Digital Detox erleichtert den Berufsalltag

Weniger online, mehr bei sich
txn. Ständige Erreichbarkeit, flackernde Displays, klingelnde Messenger – der Arbeitsalltag vieler Berufstätiger spielt sich heute auf mehreren Bildschirmen gleichzeitig ab. Die Grenze zwischen Konzentration und Zerstreuung ist dabei oft fließend. Besonders in Berufen mit hohem Kommunikationsaufkommen oder digitalen Schnittstellen entsteht ein Gefühl permanenter Anspannung – auch dann, wenn längst Feierabend ist.
Zunehmend zeigt sich jedoch: Wer im Job dauerhaft auf Empfang steht, verliert nicht nur an Konzentration, sondern auch an Erholung. Deshalb setzen immer mehr Berufstätige auf Digital Detox – nicht als Technikkritik, sondern als Strategie zur gezielten Entlastung.

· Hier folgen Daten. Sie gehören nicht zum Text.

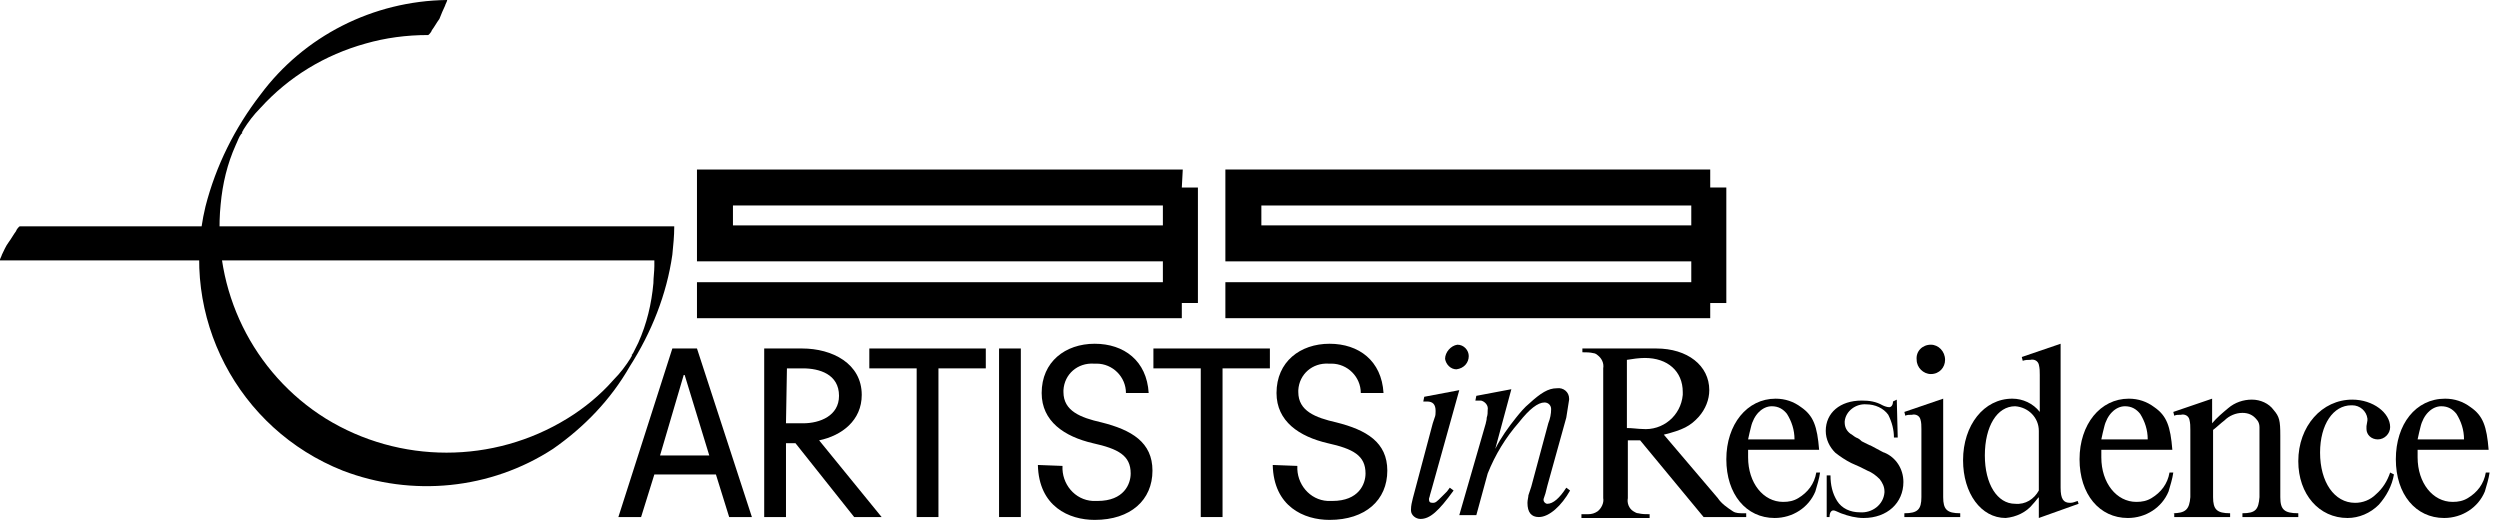 <svg id="logo-g99air" xmlns="http://www.w3.org/2000/svg" xmlns:xlink="http://www.w3.org/1999/xlink" xml:space="preserve" viewBox="0 0 264 55">
<g>
<path d="M150,54.8c-0.5,0-1-0.4-1-0.9c0,0,0-0.1,0-0.1c0-0.4,0.1-0.8,0.2-1.2l2.1-7.9l0.2-0.6 c0.1-0.2,0.1-0.5,0.1-0.7c0-0.7-0.3-1-0.9-1h-0.4l0.1-0.5l3.7-0.7l-2.9,10.4l-0.2,0.7c0,0.1-0.1,0.3-0.1,0.4 c0,0.3,0.1,0.4,0.4,0.4c0.3,0,0.4-0.1,1-0.7l0.5-0.5l0.3-0.4l0.4,0.3C151.9,54,151,54.8,150,54.8 M153.9,36.4 c0.7,0,1.2,0.6,1.2,1.2c0,0.7-0.5,1.3-1.3,1.4c0,0,0,0,0,0c-0.6,0-1.1-0.5-1.2-1.1C152.6,37.2,153.2,36.5,153.9,36.4 C153.9,36.5,153.9,36.5,153.9,36.4"/>
<path d="M156.9,44.7c0-0.1,0.1-0.3,0.1-0.6c0.1-0.3,0.1-0.5,0.1-0.8c0.1-0.5-0.3-0.9-0.7-1c-0.1,0-0.1,0-0.2,0h-0.4 l0.1-0.5l3.7-0.7l-1.7,6.3c0.6-1.2,1.4-2.3,2.2-3.3c0.4-0.5,0.9-1.1,1.4-1.5c1.2-1.1,2-1.6,2.9-1.6c0.7-0.1,1.3,0.4,1.3,1.1 c0,0,0,0.1,0,0.1c-0.1,0.6-0.2,1.3-0.3,1.9l-2,7.2l-0.2,0.8l-0.2,0.6c0,0,0,0,0,0.1c0,0.2,0.2,0.4,0.4,0.4c0.6,0,1.3-0.6,2-1.7 l0.4,0.3c-0.9,1.6-2.2,2.8-3.3,2.8c-0.8,0-1.2-0.5-1.2-1.5c0-0.3,0.1-0.6,0.1-0.8l0.3-0.9l1.8-6.7c0.2-0.5,0.3-1,0.3-1.5 c0-0.4-0.3-0.7-0.7-0.7c0,0,0,0,0,0c-0.7,0-1.6,0.7-2.7,2.1c-1.4,1.6-2.5,3.4-3.3,5.4l-1.2,4.4h-1.8L156.9,44.7z"/>
<path d="M167,36.8h7.9c3.3,0,5.6,1.8,5.6,4.4c0,1-0.4,2-1.1,2.8c-0.9,1-1.7,1.4-3.7,1.9l5.7,6.7 c0.4,0.6,1,1,1.6,1.4c0.3,0.2,0.7,0.2,1.1,0.2h0.3v0.4h-4.5l-6.7-8.1l-1.3,0l0,6.1c-0.1,0.5,0.1,1.1,0.6,1.4 c0.2,0.1,0.3,0.2,0.5,0.2c0.4,0.1,0.8,0.1,1.2,0.1v0.4H167v-0.4c0.3,0,0.5,0,0.7,0c0.4,0,0.7-0.1,1-0.3c0.4-0.3,0.7-0.9,0.6-1.4 V38.9c0.1-0.6-0.2-1.1-0.6-1.4c-0.1-0.1-0.3-0.2-0.4-0.2c-0.4-0.1-0.8-0.1-1.2-0.1V36.8z M171.8,45.2c0.6,0,1.2,0.1,1.6,0.1 c2.2,0.2,4.1-1.4,4.3-3.6c0-0.1,0-0.2,0-0.3c0-2.2-1.6-3.6-4-3.6c-0.6,0-1.3,0.1-1.9,0.2L171.8,45.2z"/>
<path d="M184.6,47.5c0,0.3,0,0.6,0,0.8c0,2.7,1.6,4.7,3.7,4.7c0.6,0,1.1-0.1,1.6-0.4c1-0.6,1.7-1.5,1.9-2.7l0.4,0 c-0.1,0.7-0.3,1.3-0.5,2c-0.7,1.7-2.4,2.8-4.3,2.8c-3,0-5.1-2.5-5.1-6.2c0-3.7,2.2-6.4,5.2-6.4c1,0,1.9,0.3,2.7,0.9 c1.3,0.9,1.7,2,1.9,4.5L184.6,47.5z M184.6,46.4l4.9,0c0-1-0.3-1.9-0.8-2.7c-0.4-0.5-0.9-0.8-1.6-0.8c-1,0-1.9,0.9-2.2,2.2 C184.8,45.5,184.7,45.9,184.6,46.4"/>
<path d="M200.3,42.2l0.1,4H200c0-0.8-0.2-1.6-0.6-2.4c-0.5-0.7-1.4-1.1-2.3-1.1c-1.1-0.1-2.2,0.7-2.3,1.8 c0,0,0,0.1,0,0.1c0,0.5,0.2,0.9,0.6,1.2c0.2,0.1,0.4,0.3,0.6,0.4c0.3,0.1,0.5,0.3,0.6,0.4l0.8,0.4c0.1,0,0.4,0.2,0.8,0.4 c0.4,0.2,0.7,0.4,0.8,0.4c1.2,0.5,2,1.7,2,3.1c0,2.2-1.7,3.8-4.2,3.8c-0.8,0-1.6-0.2-2.4-0.5c-0.5-0.2-0.6-0.3-0.8-0.3 c-0.2,0-0.4,0.2-0.4,0.7l-0.3,0l0-4.4h0.4c0,1,0.2,1.9,0.7,2.7c0.5,0.8,1.4,1.2,2.4,1.2c1.3,0.1,2.5-0.8,2.6-2.1c0,0,0-0.1,0-0.1 c0-0.5-0.2-0.9-0.5-1.3c-0.4-0.4-0.8-0.7-1.3-0.9l-0.8-0.4l-0.9-0.4c-0.6-0.3-1.2-0.7-1.7-1.1c-0.6-0.6-1-1.4-1-2.3 c0-1.9,1.5-3.2,3.8-3.2c0.8,0,1.5,0.1,2.2,0.5c0.2,0.1,0.5,0.2,0.7,0.2c0.2,0,0.4-0.2,0.4-0.6L200.3,42.2z"/>
<path d="M201.1,54.2c1.4,0,1.8-0.4,1.8-1.7v-7.2c0-0.3,0-0.7-0.1-1c-0.1-0.4-0.5-0.6-0.9-0.5c-0.3,0-0.5,0-0.7,0.1 l-0.1-0.4l4.1-1.4v10.4c0,1.3,0.4,1.7,1.8,1.7v0.4h-5.9L201.1,54.2z M203.9,36.4c0.8,0,1.5,0.7,1.5,1.6c0,0.8-0.6,1.5-1.5,1.5 c0,0,0,0,0,0c-0.8,0-1.5-0.7-1.5-1.5C202.3,37.1,203,36.4,203.9,36.4L203.9,36.4"/>
<path d="M215.4,39.6c0-0.4,0-0.7-0.1-1.1c-0.1-0.4-0.5-0.6-0.9-0.5c-0.3,0-0.5,0-0.8,0.1l-0.1-0.4l4.1-1.4v15.2 c0,1.2,0.3,1.6,1,1.6c0.3,0,0.5-0.1,0.8-0.2l0.1,0.3l-4.2,1.5v-2.2c-0.2,0.2-0.4,0.5-0.6,0.7c-0.7,0.9-1.8,1.4-2.9,1.5 c-2.6,0-4.5-2.6-4.5-6.1c0-3.7,2.2-6.5,5.2-6.5c1.1,0,2.2,0.5,2.9,1.4L215.4,39.6z M215.3,51.8v-6.3c0-1.4-1.1-2.5-2.5-2.6 c-1.9,0-3.2,2.1-3.2,5.2c0,3,1.3,5.1,3.2,5.1C213.9,53.3,214.8,52.7,215.3,51.8"/>
<path d="M221.9,47.5c0,0.3,0,0.6,0,0.8c0,2.7,1.6,4.7,3.7,4.7c0.6,0,1.1-0.1,1.6-0.4c1-0.6,1.7-1.5,1.9-2.7l0.4,0 c-0.1,0.7-0.3,1.3-0.5,2c-0.7,1.7-2.4,2.8-4.3,2.8c-3,0-5.1-2.5-5.1-6.2c0-3.7,2.2-6.4,5.2-6.4c1,0,1.9,0.3,2.7,0.9 c1.3,0.9,1.7,2,1.9,4.5L221.9,47.5z M221.9,46.4l4.9,0c0-1-0.3-1.9-0.8-2.7c-0.4-0.5-0.9-0.8-1.6-0.8c-1,0-1.9,0.9-2.2,2.2 C222.1,45.5,222,45.9,221.9,46.4"/>
<path d="M229.4,54.2c1.4,0,1.8-0.4,1.9-1.7v-7.1c0-0.4,0-0.7-0.1-1.1c-0.1-0.4-0.5-0.6-0.9-0.5 c-0.3,0-0.5,0-0.7,0.1l-0.1-0.4l4.1-1.4l0,2.6c0.5-0.6,1.1-1.1,1.7-1.6c0.7-0.6,1.6-0.9,2.5-0.9c0.9,0,1.8,0.4,2.3,1.1 c0.6,0.7,0.7,1.1,0.7,2.7l0,6.5c0,1.3,0.4,1.7,1.9,1.7v0.4h-5.9v-0.4c1.4,0,1.7-0.4,1.8-1.7v-6.4c0-0.5,0-0.8,0-1 c0-0.3-0.1-0.6-0.3-0.8c-0.4-0.5-0.9-0.7-1.5-0.7c-0.7,0-1.4,0.3-1.9,0.8c-0.4,0.3-0.8,0.7-1.2,1v7.1c0,1.3,0.4,1.7,1.8,1.7v0.4 h-5.9V54.2z"/>
<path d="M252.8,50.1c-0.2,1.2-0.8,2.3-1.6,3.2c-0.9,0.9-2.1,1.4-3.3,1.4c-3,0-5.2-2.5-5.2-6c0-3.7,2.5-6.5,5.7-6.5 c2.2,0,4,1.4,4,2.9c0,0.7-0.6,1.3-1.3,1.3c-0.7,0-1.2-0.5-1.2-1.1c0,0,0-0.1,0-0.1V45l0.1-0.6v-0.2c-0.1-0.8-0.8-1.4-1.6-1.4 c0,0,0,0-0.1,0c-1.9,0-3.3,2-3.3,5c0,3.1,1.5,5.3,3.7,5.3c0.8,0,1.6-0.3,2.2-0.9c0.7-0.6,1.2-1.4,1.5-2.3L252.8,50.1z"/>
<path d="M255.3,47.5c0,0.3,0,0.6,0,0.8c0,2.7,1.6,4.7,3.7,4.7c0.6,0,1.1-0.1,1.6-0.4c1-0.6,1.7-1.5,1.9-2.7l0.4,0 c-0.1,0.7-0.3,1.3-0.5,2c-0.7,1.7-2.4,2.8-4.3,2.8c-3,0-5.1-2.5-5.1-6.2c0-3.7,2.1-6.4,5.2-6.4c1,0,1.9,0.3,2.7,0.9 c1.3,0.9,1.7,2,1.9,4.5L255.3,47.5z M255.3,46.4l4.9,0c0-1-0.3-1.9-0.8-2.7c-0.4-0.5-0.9-0.8-1.6-0.8c-1,0-1.9,0.9-2.2,2.2 C255.5,45.5,255.4,45.9,255.3,46.4"/>
<path d="M69.1,50.1l-1.4,4.5h-2.4L71,36.8h2.6l5.8,17.8H77l-1.4-4.5H69.1z M74.9,48.1l-2.6-8.5h-0.1l-2.5,8.5H74.9z"/>
<path d="M80.7,36.8h4c3.2,0,6.3,1.6,6.3,4.9c0,2.7-2.1,4.3-4.5,4.8l6.6,8.1h-2.9l-6.2-7.8H83v7.8h-2.3V36.8z M83,44.7l1.8,0c1.8,0,3.8-0.8,3.8-2.9c0-2.3-2.1-2.9-3.8-2.9l-1.7,0L83,44.7z"/>
<path d="M96.8,54.6V38.9h-5v-2.1h12.3v2.1h-5v15.7H96.8z"/>
<path d="M105.5 36.8H107.8V54.6H105.5z"/>
<path d="M112.2,49.2c-0.1,1.9,1.3,3.6,3.2,3.7c0.2,0,0.3,0,0.5,0c2.8,0,3.5-1.8,3.5-2.9c0-1.9-1.3-2.6-4-3.2 c-3-0.7-5.4-2.3-5.4-5.3c0-3.3,2.5-5.2,5.6-5.2c3.1,0,5.5,1.8,5.7,5.2h-2.4c0-1.7-1.4-3.1-3.1-3.1c-0.1,0-0.2,0-0.3,0 c-1.7-0.1-3.1,1.1-3.2,2.8c0,0.1,0,0.1,0,0.2c0,2,1.8,2.7,4,3.2c3.2,0.8,5.4,2.1,5.4,5.1c0,3.1-2.3,5.2-6.1,5.2 c-2.7,0-5.9-1.4-6-5.8L112.2,49.2z"/>
<path d="M126.8,54.6V38.9h-5v-2.1h12.3v2.1h-5v15.7H126.8z"/>
<path d="M137,49.2c-0.1,1.9,1.3,3.6,3.2,3.7c0.2,0,0.3,0,0.5,0c2.8,0,3.5-1.8,3.5-2.9c0-1.9-1.3-2.6-4-3.2 c-3-0.7-5.4-2.3-5.4-5.3c0-3.3,2.5-5.2,5.6-5.2c3.1,0,5.5,1.8,5.7,5.2h-2.4c0-1.7-1.4-3.1-3.1-3.1c-0.1,0-0.2,0-0.3,0 c-1.7-0.1-3.1,1.1-3.2,2.8c0,0.1,0,0.1,0,0.2c0,2,1.8,2.7,4,3.2c3.2,0.8,5.4,2.1,5.4,5.1c0,3.1-2.3,5.2-6.1,5.2 c-2.7,0-5.9-1.4-6-5.8L137,49.2z"/>
<path d="M47.2,0c-7.8,0.1-15.1,3.8-19.7,10c-2.7,3.5-4.7,7.5-5.8,11.8c-2.8,11.6,3.4,23.5,14.5,27.9 c7.3,2.8,15.6,2,22.2-2.3c3.3-2.3,6.1-5.2,8.1-8.7c2.3-3.6,3.9-7.6,4.5-11.8c0.1-1,0.2-2,0.2-2.9l0-0.1H3.1c-0.3,0-0.6,0-0.9,0 c0,0-0.1,0-0.1,0c-0.1,0-0.4,0.4-0.4,0.5c-0.3,0.4-0.5,0.8-0.8,1.2c-0.3,0.4-0.5,0.9-0.7,1.3c0,0.1-0.3,0.6-0.2,0.6h68.2 c0.3,0,0.5,0,0.8,0c0,0,0.1,0,0.1,0c0,0.2,0,0.4,0,0.6c0,0.6-0.1,1.2-0.1,1.8c-0.2,2.2-0.7,4.3-1.6,6.3c-0.2,0.4-0.4,0.8-0.6,1.2 c0.1-0.2-0.1,0.1-0.1,0.1c0-0.1,0.2-0.3,0,0.1c0,0,0.1-0.2,0,0c-0.1,0.1-0.1,0.1,0,0c0,0.1-0.1,0.1-0.1,0.2 c-0.5,0.8-1.1,1.6-1.8,2.3c-1.4,1.6-3.1,3-4.9,4.1c-7.8,4.8-17.7,4.8-25.5,0c-7.7-4.8-12-13.6-11.1-22.6c0.2-2.2,0.7-4.3,1.6-6.3 c0.2-0.4,0.3-0.8,0.6-1.2c-0.1,0.2,0.1-0.1,0.1-0.1c0,0.1-0.2,0.3,0-0.1c0,0-0.1,0.2,0,0c0.1-0.1,0.1-0.1,0,0 c0-0.1,0.1-0.1,0.1-0.2c0.5-0.8,1.1-1.6,1.8-2.3c3-3.3,6.8-5.6,11.1-6.8c2.1-0.6,4.3-0.9,6.6-0.9c0.1,0,0.4-0.4,0.4-0.5 c0.3-0.4,0.5-0.8,0.8-1.2C46.6,1.5,46.8,1,47,0.6C47,0.5,47.3,0,47.2,0"/>
<path d="M124.9,17.9H73.6v9.7h49.2v2.2H73.6v3.8h51.2v-1.6h1.7V19.8h-1.7L124.9,17.9z M77.4,21.7h45.4v2.1H77.4 V21.7z"/>
<path d="M182.3,19.8h-1.7v-1.9h-51.2v9.7h49.2v2.2h-49.2v3.8h51.2v-1.6h1.7L182.3,19.8z M133.2,21.7h45.4v2.1h-45.4 V21.7z"/>
</g>
</svg>

Im beruflichen Kontext lässt sich dieser Ansatz konkret umsetzen, ohne das Tagesgeschäft zu gefährden.
Abschalten üben – in kleinen Etappen
Hilfreich ist es zunächst, feste Zeiträume zu definieren, in denen bewusst auf digitale Reize verzichtet wird. Schon kurze Intervalle wie 30 Minuten ohne Bildschirm nach Arbeitsende oder ein halber Tag am Wochenende ohne Smartphone können erste Wirkung zeigen. Einige Mitarbeitende berichten von besonders positiven Effekten bei digitalen Auszeiten von 24 Stunden – etwa von Samstagabend bis Sonntagabend. Solche Phasen schaffen Abstand, ohne dass gleich der ganze Alltag umgekrempelt werden muss.
Zentral ist dabei, digitale Grenzen klar abzustecken. Push-Nachrichten außerhalb der Arbeitszeit zu deaktivieren, feste Zeiten zum E-Mail-Check einzuplanen oder das Smartphone in Pausen konsequent aus der Hand zu legen – das sind einfache, aber wirksame Maßnahmen. Wer sie regelmäßig anwendet, stellt oft fest, dass die Reizschwelle sinkt und sich die Gedanken wieder stärker auf das Wesentliche fokussieren lassen.
Arbeitsräume schaffen, die offline wirken
Auch die Gestaltung des Arbeitsplatzes kann eine wichtige Rolle spielen. In einigen Unternehmen werden bereits „bildschirmfreie Zonen“ eingerichtet – etwa in der Kantine oder in Ruhebereichen. Dort bleibt das Diensthandy bewusst ausgeschaltet. In Meetings wiederum kann es hilfreich sein, Laptops oder Tablets gelegentlich beiseite zulegen und Besprechungen mit analogen Mitteln durchzuführen. Das reduziert Ablenkung und fördert den direkten Austausch. Petra Timm, Pressesprecherin des Personaldienstleisters Randstad, beobachtet in der Praxis einen klaren Zusammenhang zwischen digitaler Selbststeuerung und beruflichem Wohlbefinden: „Wer sein Smartphone am Arbeitsplatz konsequent auf lautlos stellt und außer Sichtweite legt, schafft sich ein Stück ungestörte Konzentration zurück – oft genügen dafür schon wenige Stunden am Tag. Diese einfache Veränderung kann den gesamten Arbeitsrhythmus positiv beeinflussen.“
Besonders wirksam wird Digital Detox, wenn Führungskräfte mit gutem Beispiel vorangehen. Wer als Vorgesetzte oder Vorgesetzter selbst digitale Ruhezeiten einhält, keine E-Mails spät in der Nacht versendet und auch im Urlaub nicht erreichbar ist, schafft ein Umfeld, das Pausen legitimiert. Das signalisiert nicht nur Vertrauen, sondern schützt auch vor stillen Erwartungshaltungen, rund um die Uhr verfügbar sein zu müssen.
Digital Detox heißt nicht Verzicht, sondern Verantwortung
Wichtig bleibt: Es braucht keine radikalen Schritte. Digital Detox ist keine Frage der absoluten Entsagung, sondern der bewussten Dosis. Schon kleine Veränderungen im Verhalten können große Wirkung entfalten. Ob es darum geht, am Wochenende das Handy aus dem Wohnzimmer zu verbannen, sich beim Pendeln nicht durch Feeds zu scrollen oder regelmäßig einen Moment ins Leere zu schauen – all das trägt dazu bei, dass Erholung wieder stattfinden kann.
txn. Weniger Bildschirm, mehr Fokus: Kleine digitale Pausen im Berufsalltag fördern Konzentration und Erholung. Schon kurze Offline-Zeiten helfen, Stress zu reduzieren und die eigene Aufmerksamkeit bewusst zu steuern.